Tired of manually sifting through hours of audio to find key insights? This guide teaches you to build an AI-powered chatbot that transforms recordings – meetings, podcasts, interviews—into interactive conversations. Using AssemblyAI for precise transcription with speaker labels, Qdrant for fast data storage, and DeepSeek-R1 via SambaNova Cloud for smart responses, you’ll create a RAG tool that answers questions like “What did [Speaker] say?” or “Summarize this segment.” Let’s turn your audio into a searchable, AI-driven dialogue by building a RAG system with AssemblyAI, Qdrant, and DeepSeek-R1.
Learning Objectives
- Leverage AssemblyAI API to transcribe audio files with speaker diarization, converting conversations into structured text data for analysis.
- Deploy Qdrant Vector Database to store and efficiently retrieve embeddings of transcribed audio content using HuggingFace models.
- Implement RAG with DeepSeek R1 model via SambaNova Cloud to generate context-aware chatbot responses.
- Build a Streamlit Web Interface for users to upload audio files, visualize transcripts, and interact with the chatbot in real time.
- Integrate End-to-End Workflow combining audio processing, vector storage, and AI-driven response generation to create a scalable audio-based chat application.
This article was published as a part of the Data Science Blogathon.
What is AssemblyAI?
AssemblyAI is your go-to tool for turning audio into actionable insights. Whether you’re transcribing podcasts, analyzing customer calls, or captioning videos, its AI-powered speech-to-text engine delivers pinpoint accuracy, even with accents or background noise.

What is SambaNova Cloud?
Imagine running massive open-source models like DeepSeek-R1 (671B) up to 10x faster — and without the usual infrastructure headaches.

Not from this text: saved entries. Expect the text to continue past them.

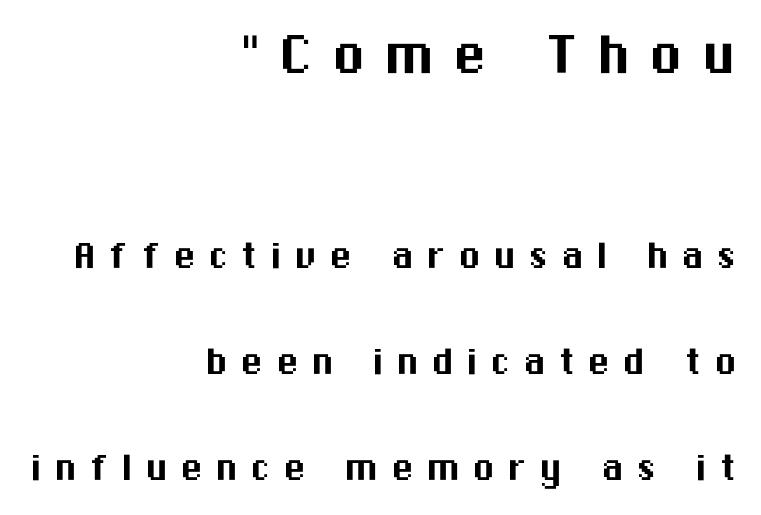
{"serif": "no", "italic": "no", "width": "normal", "stroke_contrast": "medium", "x_height": "medium", "monospaced": "no", "underline": "no", "align": "right", "line_spacing": "loose", "line_spacing_ratio": 2.36, "letter_spacing": "wide", "letter_spacing_em": 0.28, "larger_block": "first", "size_ratio": 1.49, "glyph_px": 67}
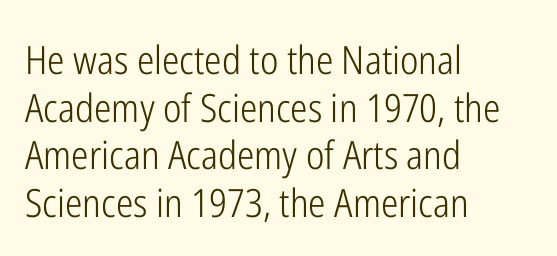
The image shows 39 px light, condensed sans-serif type, upright; set left-aligned, line spacing 1.22x, normal letter spacing, not underlined; low stroke contrast and a medium x-height.
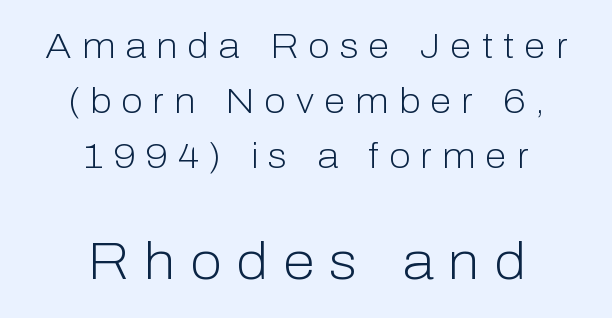
The image shows 52 px light sans-serif type, upright; set centered, normal line spacing (1.57x), unusually wide letter spacing (+0.29 em), not underlined; the second (bottom) block is 1.49x larger; low stroke contrast and a medium x-height.
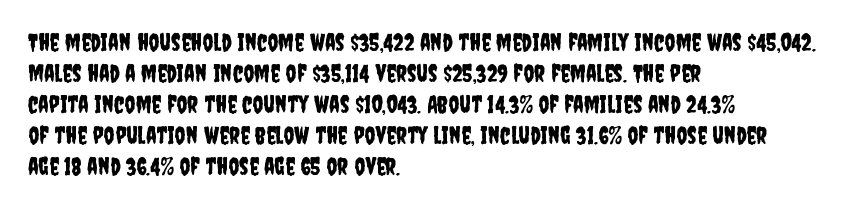
The image shows 24 px text type, upright; set left-aligned, normal line spacing (1.29x), normal letter spacing, not underlined.
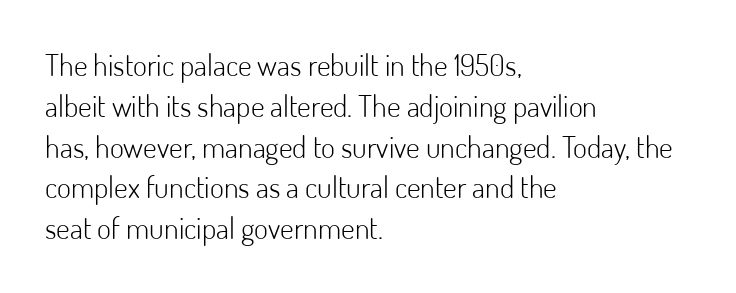
Is this a heavy cut? Hardly; it is regular or lighter. You can tell it's not italic because the verticals are truly vertical. Words float on clear page, feet unadorned. This sample has the flowing, uneven cadence of proportional lettering.
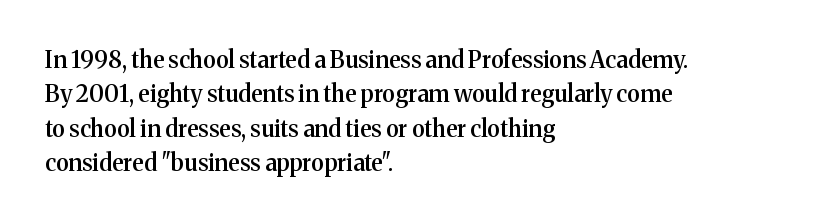
The setting favours the left margin, as ordinary paragraphs usually do. Words float on clear page, feet unadorned. If you measured baseline to baseline, you'd find a middling distance. These words are printed semibold, heavier than regular yet not bold. Does the lettering tilt? It doesn't — this is upright.
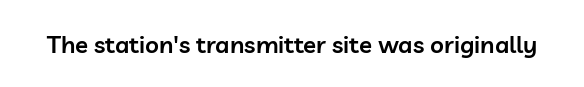
Q: Is the text bold? A: Semi-bold.
Q: Is the text italic (slanted)? A: No, it is upright.
Q: Is the text underlined? A: No.
Q: Is the spacing between letters normal or unusually wide? A: Normal.
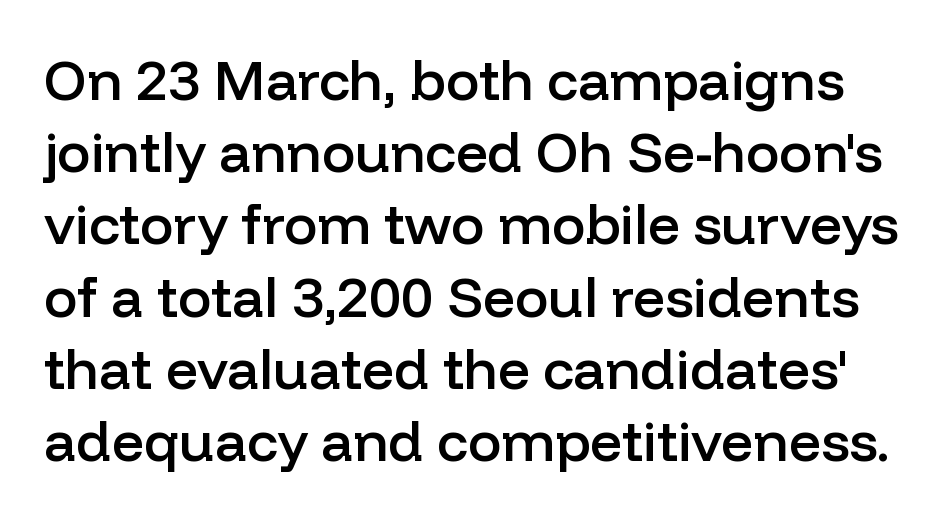
Decoration check: the copy has no underline. Normally led — the rows are evenly, conventionally spaced. The passage shown is typed in a proportional face where columns would drift. Caption: semibold face, moderately heavy strokes. Vertical strokes here are truly vertical.
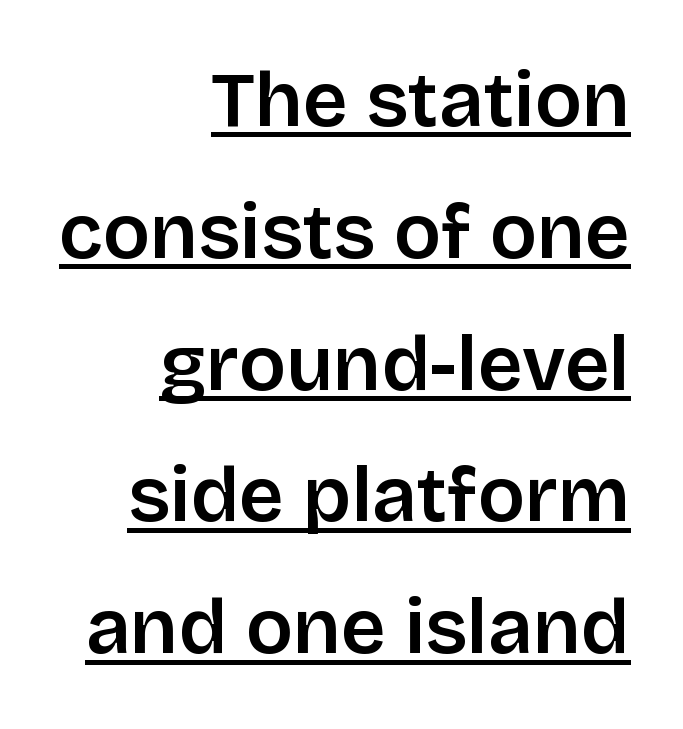
Layout note: lines flush right. Observe the ordinary spacing: letters are neighbours, not strangers. The sample has been set in demibold, a notch under bold. Has an underline been added? It has.
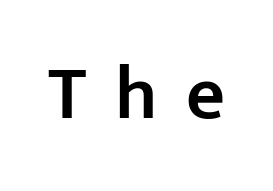
Note the varied advance widths — an 'i' is clearly narrower than an 'm'. The specimen omits any rule beneath the text block's lines. The axis of the letterforms is exactly vertical. The rendering shows plain stroke endings on the letterforms — a sans-serif design.
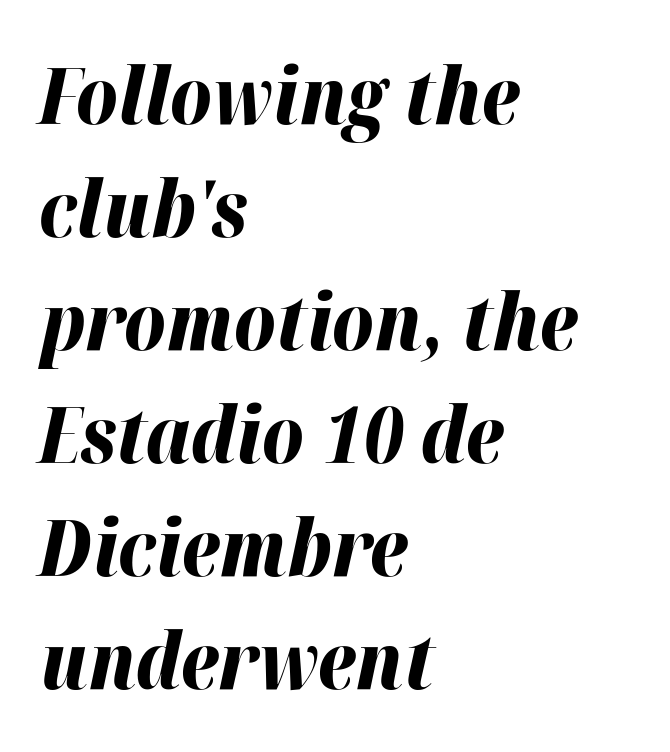
Short and long lines alike share a common starting point at left. Underline: absent. Characters are canted at an angle relative to the baseline's perpendicular. The rendering uses natural spacing where letterforms have individual widths.
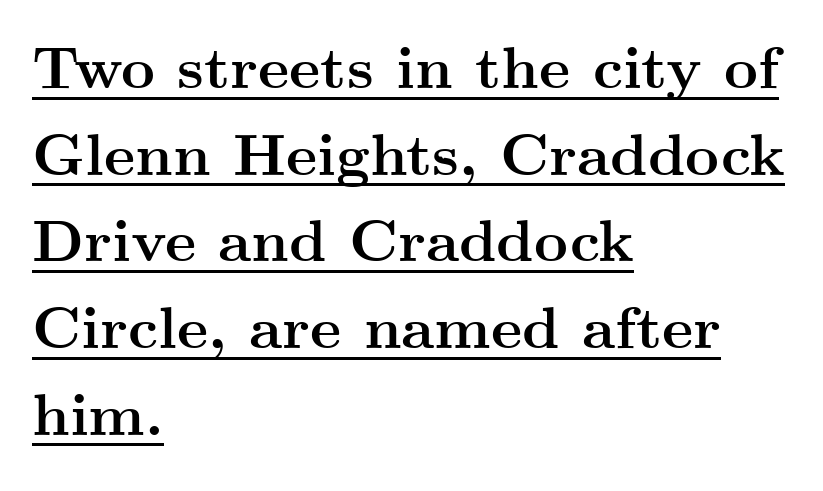
The image shows 59 px semibold, wide serif type, upright; set left-aligned, normal line spacing (1.47x), normal letter spacing, underlined; medium stroke contrast and a small x-height.
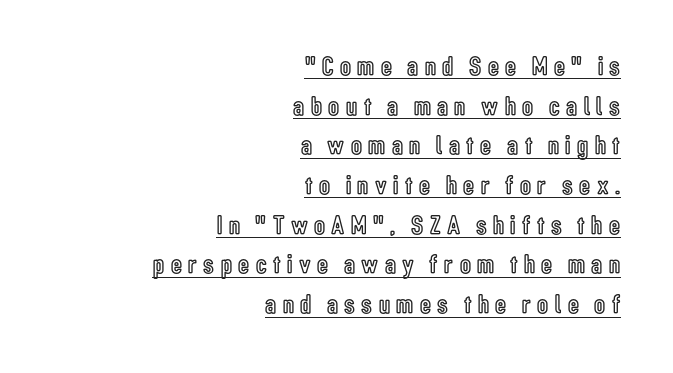
{"italic": "no", "underline": "yes", "align": "right", "line_spacing": "normal", "line_spacing_ratio": 1.47, "letter_spacing": "wide", "letter_spacing_em": 0.24, "glyph_px": 27}
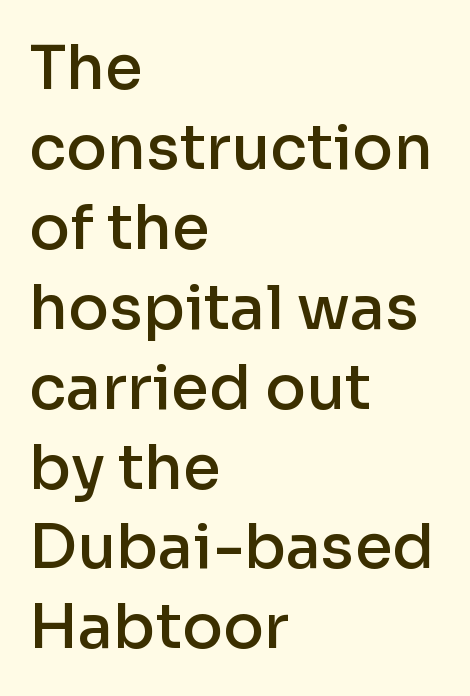
{"serif": "no", "italic": "no", "bold": "semi", "weight": "semibold", "width": "normal", "stroke_contrast": "low", "x_height": "medium", "monospaced": "no", "underline": "no", "align": "left", "line_spacing": "normal", "line_spacing_ratio": 1.31, "letter_spacing": "normal", "letter_spacing_em": 0.0, "glyph_px": 61}
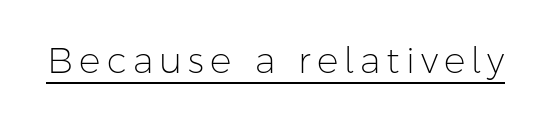
On a weight scale, this lands at 450 or below. Italic? Not at all — the glyphs are vertical. You can tell from the bare stems that sans-serif type was used. Here the designer chose a conventional face with non-uniform glyph widths. Compared with undecorated copy, this sample adds a rule below the words.
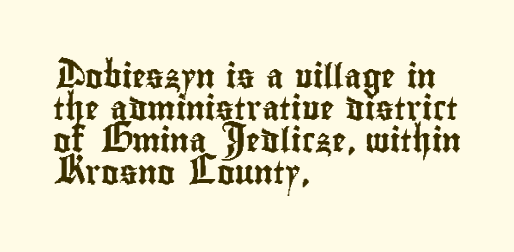
The image shows 24 px text type, upright; set left-aligned, normal line spacing (1.34x), normal letter spacing, not underlined.
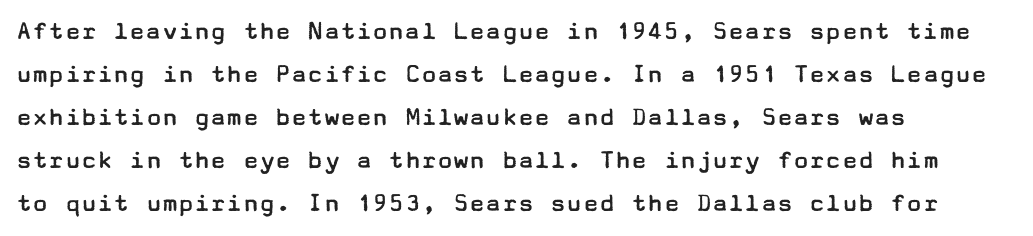
Q: Is the text bold? A: No.
Q: Is the text italic (slanted)? A: No, it is upright.
Q: Is the text underlined? A: No.
Q: How is the paragraph aligned? A: Left-aligned.
Q: Is the spacing between letters normal or unusually wide? A: Normal.
Q: Is the spacing between lines tight, normal or loose? A: Normal.
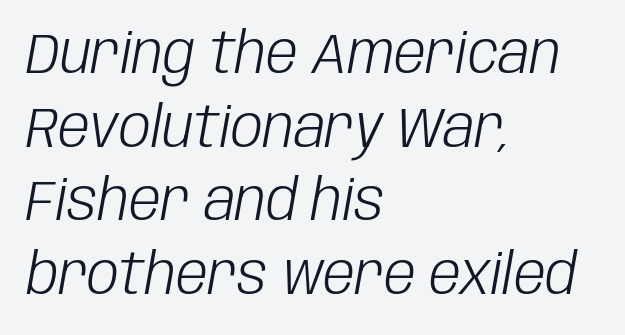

Instead of relying on GPUs, SambaNova UsesRDUs (Reconfigurable Dataflow Units), which unlock faster performance with:
- Massive in-memory storage — no constant reloading of models
- Efficient dataflow design — optimized for high-throughput tasks
- Instant model switching — switch between models in microseconds
- Run DeepSeek-R1 instantly — no complicated setup required
- Train and fine-tune on the same platform — all in one place
What is Qdrant?
Qdrant is a lightning-fast vector database built to supercharge AI applications, think of it as a search engine that finds needles in haystacks. Whether you’re building a recommendation system, image search tool, or chatbot, Qdrant specializes in similarity searches, quickly pinpointing the closest matches for complex data like text embeddings or visual features.

What is DeepSeek-R1?
Deepseek-R1 is a game-changing language model that blends human-like adaptability with cutting-edge AI, making it a standout in natural language processing. Whether you’re crafting content, translating languages, debugging code, or summarizing complex reports, R1 excels at understanding context, tone, and intent, delivering responses that feel intuitive rather than robotic. By prioritizing empathy and precision, Deepseek-R1 isn’t just a tool; it’s a glimpse into a future where AI communicates as naturally as we do.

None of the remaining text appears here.